How to ensure medical AI models remain safe after development ends
Medical AI is transforming the HealthTech environment, with sophisticated algorithms becoming a necessary requirement in new medical device development. However, the lifecycle of a model does not end once it has been developed and deployed. The model can degrade over time as the real-world shifts in ways it wasn’t trained for. This is why continuous monitoring in compliance with ISO 13485 (medical device standard) is essential to the ongoing success of the model in a clinical environment to ensure it remains safe and valid. MedTech developers should also comply with ISO 42001, the framework for responsible development of AI technologies.
In this blog, Camgenium’s Head of Medical AI, Anna Vuolo, shares her expert approach to developing and monitoring medical AI in clinical settings. Anna explores what developers should do to ensure each model remains validated for relevance and effectiveness. Planning for regular performance reviews will help to guarantee that models remain safe when medical AI is deployed in a healthcare environment.
Releasing a health AI model into the clinical world
To deploy a medical AI model, good model performance must have been evidenced and documented. Performance is quantified by metrics such as accuracy, precision and recall. The validation process provides assurance that the model will perform as intended in a real-world clinical environment. Yet, this analysis is a snapshot in time, and it must be assumed that performance could worsen over time. Re-evaluating the model periodically using current data will show whether a model performs well, or if it could have degraded with time. Two major concepts help explain why a model might no longer fit the world it’s been released into, these are data drift and concept drift.
Data drift: Changing observations
Data drift is the term used to describe changing data distributions. Data drift affects a model’s performance. If the data being fed into a model differs from the data it was previously trained on, the model will be less able to make good inferences as the patterns inherent in the new data will be unfamiliar. Changes in data collection methods can result in data drift.
For example, if a medical model is trained on comprehensive diagnostic data from GP records, its effectiveness will be significantly impacted if it receives only sparse data in practice. A hypothetical government policy change introducing GP appointment time constraints might result in less rigorous recording of patient diagnostic data, as GPs stop collecting data about secondary diagnoses and just note primary conditions.
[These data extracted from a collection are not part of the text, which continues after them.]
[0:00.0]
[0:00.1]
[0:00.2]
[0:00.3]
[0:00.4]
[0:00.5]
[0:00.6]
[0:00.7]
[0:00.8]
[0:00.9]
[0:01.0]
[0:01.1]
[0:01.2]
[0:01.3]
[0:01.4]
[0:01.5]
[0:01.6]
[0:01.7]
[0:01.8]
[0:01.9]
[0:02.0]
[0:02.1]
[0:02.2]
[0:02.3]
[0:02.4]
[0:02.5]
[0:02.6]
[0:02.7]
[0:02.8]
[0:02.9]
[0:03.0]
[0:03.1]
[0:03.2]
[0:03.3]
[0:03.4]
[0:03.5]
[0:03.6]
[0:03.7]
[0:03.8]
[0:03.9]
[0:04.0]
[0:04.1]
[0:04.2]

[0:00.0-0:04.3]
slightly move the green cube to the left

As a result, the data the model subsequently sees will be very different from that for which it was optimised. Due to this data drift, the accuracy of the model may be reduced.
Data drift: Diagnostic code count over time
Concept drift: The changing medical world
Concept drift refers to changes in the medical context behind the data. The model has been trained and shown to work well on a set of data from a given point in time. Since the medical context is constantly changing, factors the model has learnt are important may no longer be so, or the relationship between input features and target outcomes may have changed significantly. For example, a novel surgical technique could drastically improve patient outcomes for a certain procedure, resulting in fewer observed complications in the real world. If the model does not know about these advances it will predict poorer outcomes for patients undergoing the procedure than observed in practice. Regular testing and retraining is required to ensure that models learn the new patterns and overcome concept drift.
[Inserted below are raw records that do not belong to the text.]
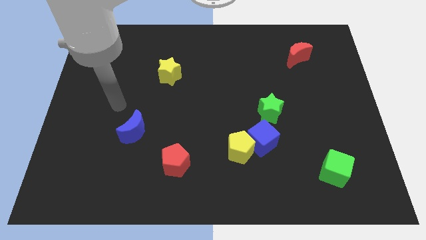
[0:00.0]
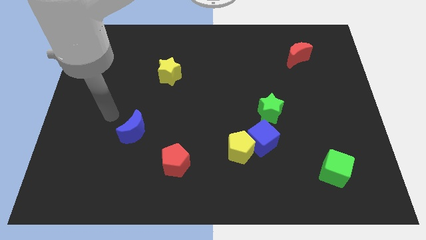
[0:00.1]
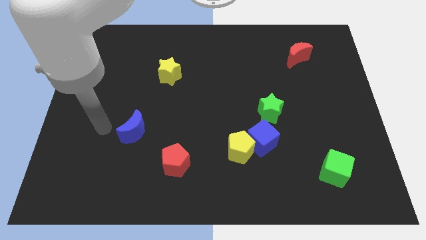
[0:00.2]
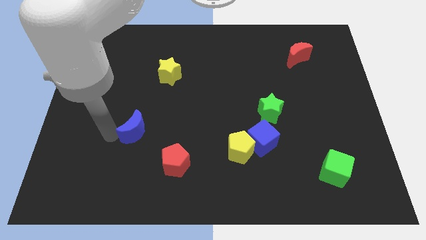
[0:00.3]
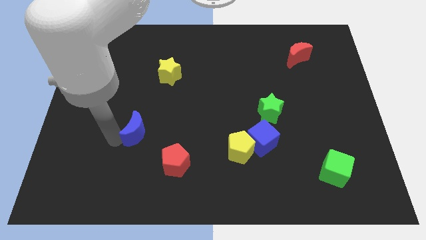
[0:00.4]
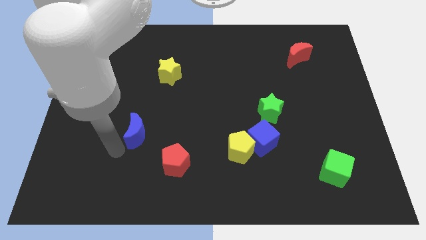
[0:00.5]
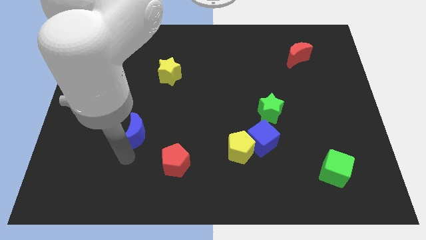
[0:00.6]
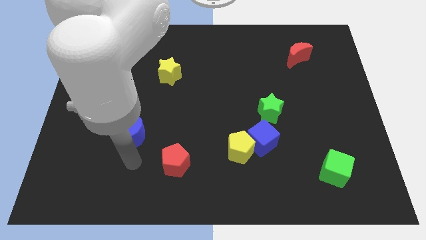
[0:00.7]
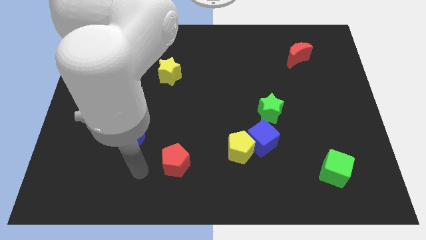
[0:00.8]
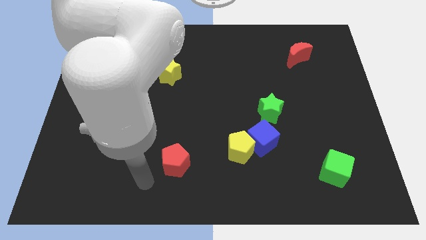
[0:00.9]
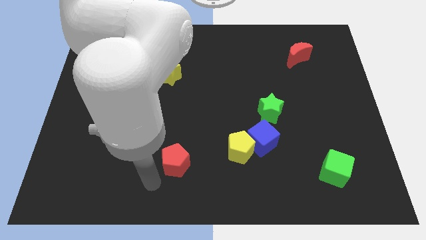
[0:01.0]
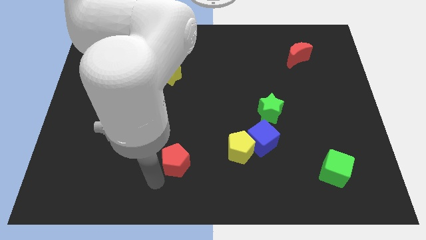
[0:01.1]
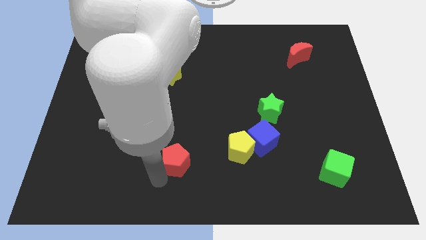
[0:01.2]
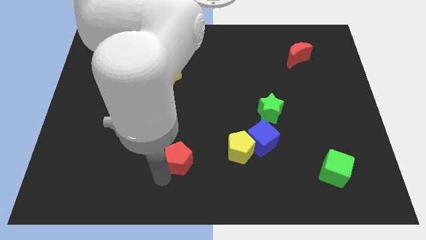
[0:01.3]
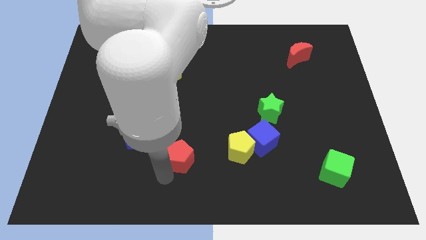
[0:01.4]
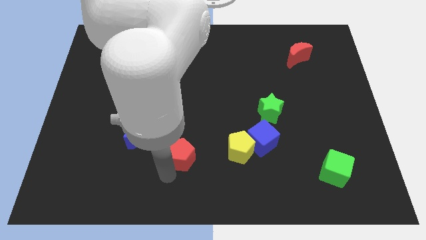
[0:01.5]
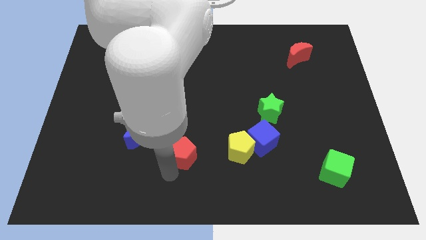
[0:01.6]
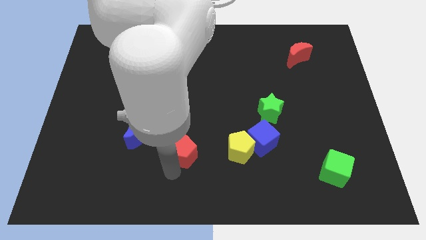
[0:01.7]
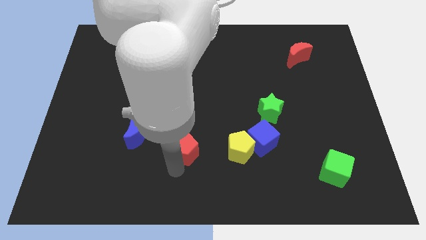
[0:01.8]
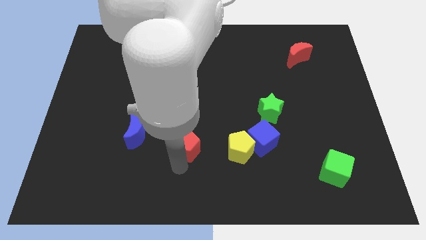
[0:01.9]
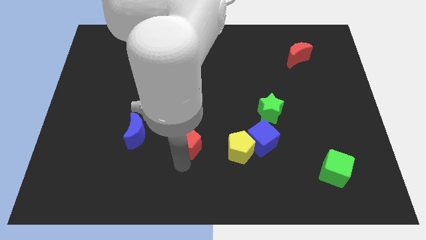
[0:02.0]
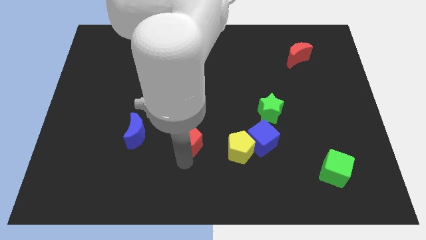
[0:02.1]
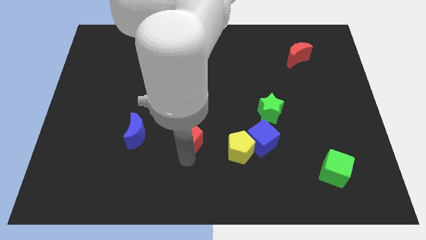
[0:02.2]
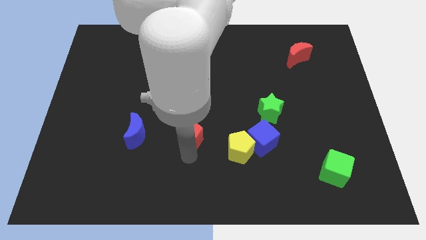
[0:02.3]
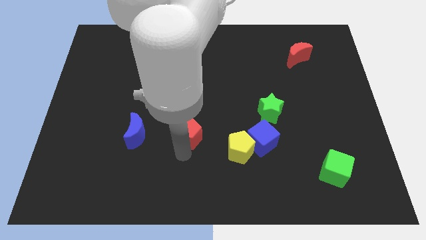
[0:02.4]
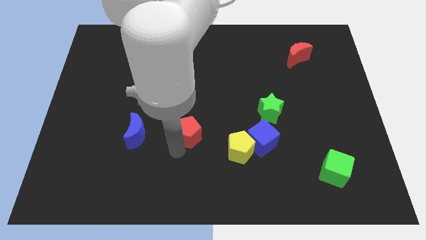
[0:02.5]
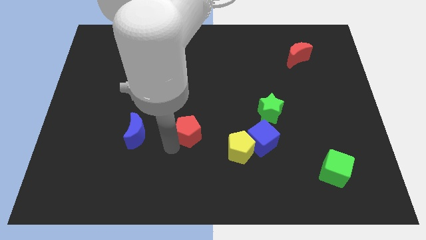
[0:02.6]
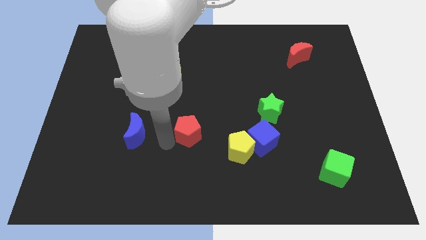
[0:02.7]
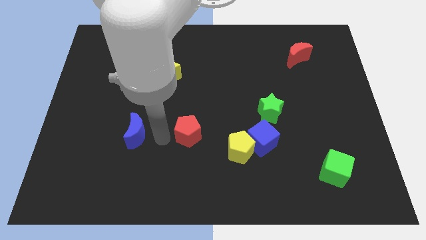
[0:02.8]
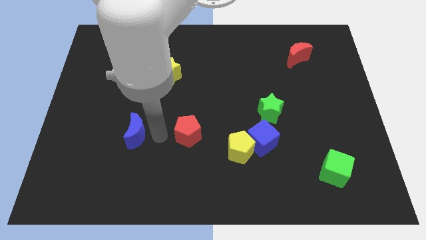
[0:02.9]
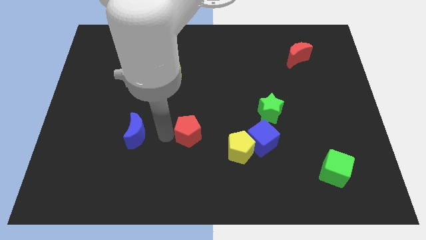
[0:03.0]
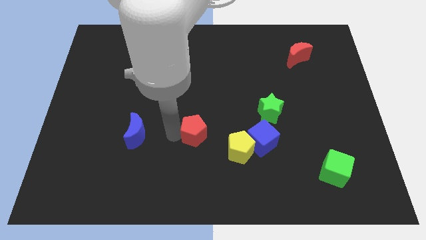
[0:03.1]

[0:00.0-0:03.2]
push the red pentagon up and right diagonally somewhat

Concept drift: Complication rate over time
Measuring drift in medical AI
There are various established methods of checking for drift and monitoring medical AI models. At Camgenium our team of Data Science engineers have a deep understanding of the most effective and regulatory compliant methods for monitoring the ongoing effectiveness of a model. Camgenium provide a broad range of metrics and techniques to help visualise, understand and quantify how a model might be changing. Camgenium’s most frequently applied approaches include, calculating PSI and divergence metrics, plotting feature distributions, and evaluating model performance metrics over time.
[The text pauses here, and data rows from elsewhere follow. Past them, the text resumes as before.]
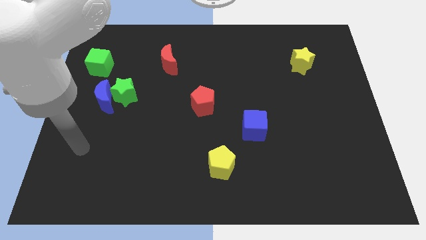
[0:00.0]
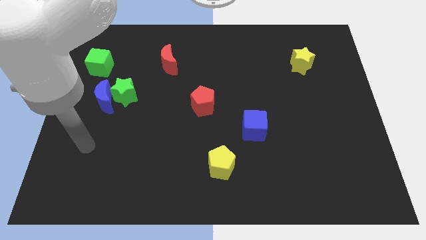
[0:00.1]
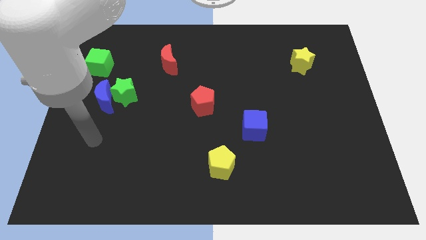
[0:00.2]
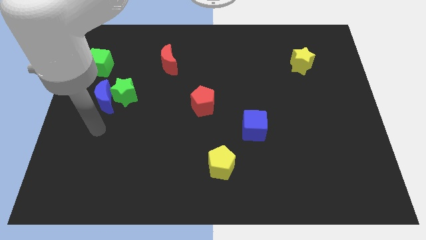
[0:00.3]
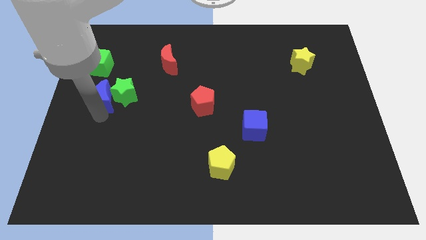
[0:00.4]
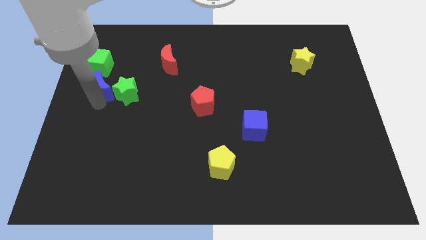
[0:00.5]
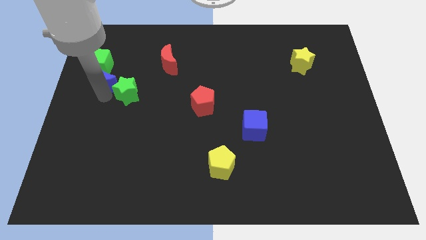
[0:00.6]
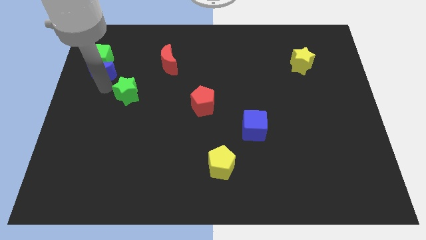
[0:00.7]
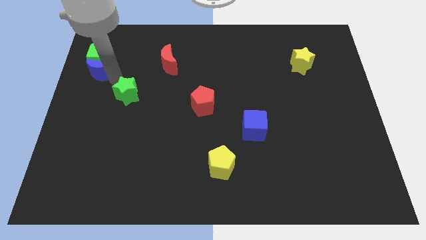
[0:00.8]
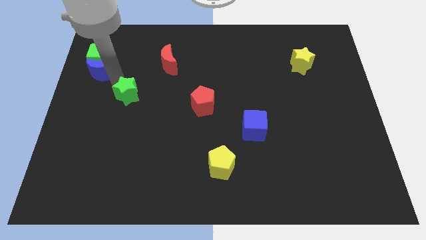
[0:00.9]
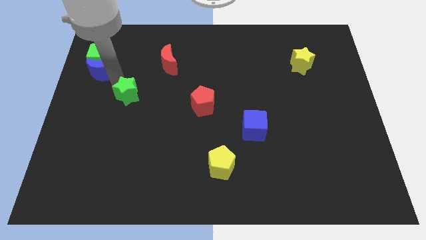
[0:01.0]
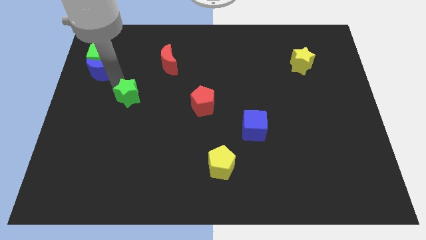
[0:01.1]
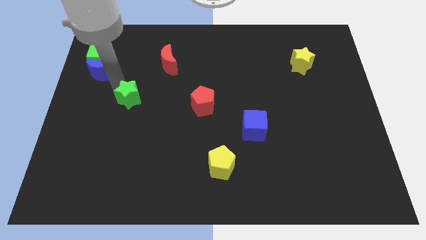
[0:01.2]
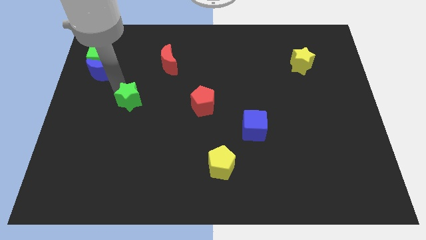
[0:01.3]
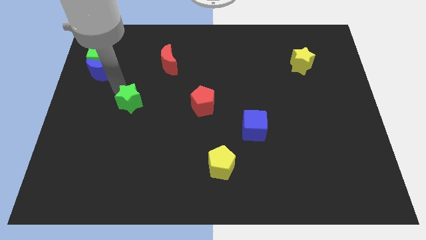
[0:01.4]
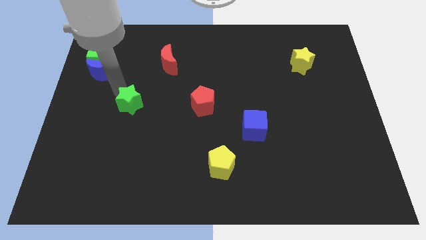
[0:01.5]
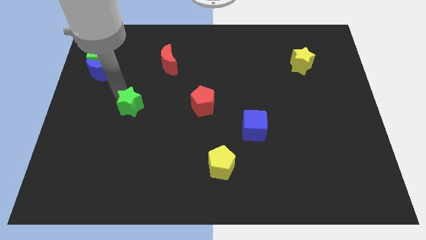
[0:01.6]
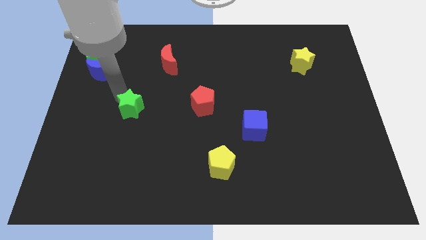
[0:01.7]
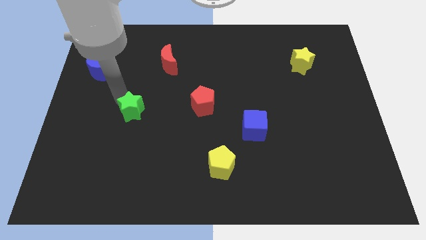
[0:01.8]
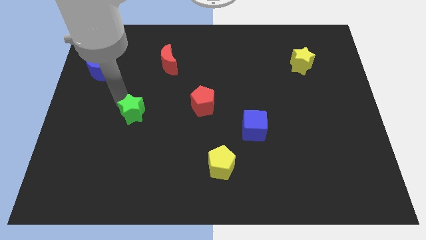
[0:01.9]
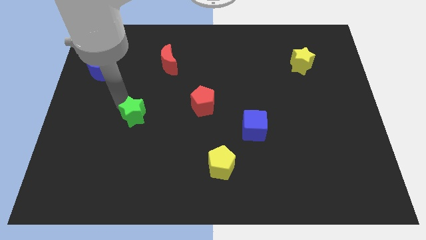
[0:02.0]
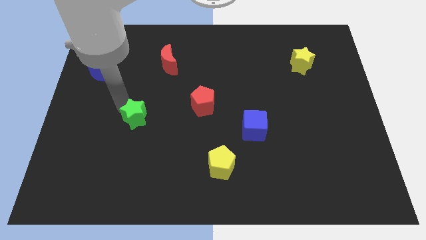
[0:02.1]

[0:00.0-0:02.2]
push the green star down and to the right diagonally a little bit

Population stability index (PSI) over time
Ignorance is blissfully non-compliant for clinical AI
Monitoring is not simply best practice, but essential for maintaining trust and ensuring patient safety. Medical AI models are transforming healthcare, but ensuring they remain safe and valid for patients requires continuous monitoring. Camgenium works to comply with ISO 42001 standards, where monitoring of medical models is required to track their behaviour in the real world, check they work as intended, and catch any problems early to fix issues fast. It is an essential step in the development process when building medical AI models and crucial for ensuring models continue to remain safe for patients.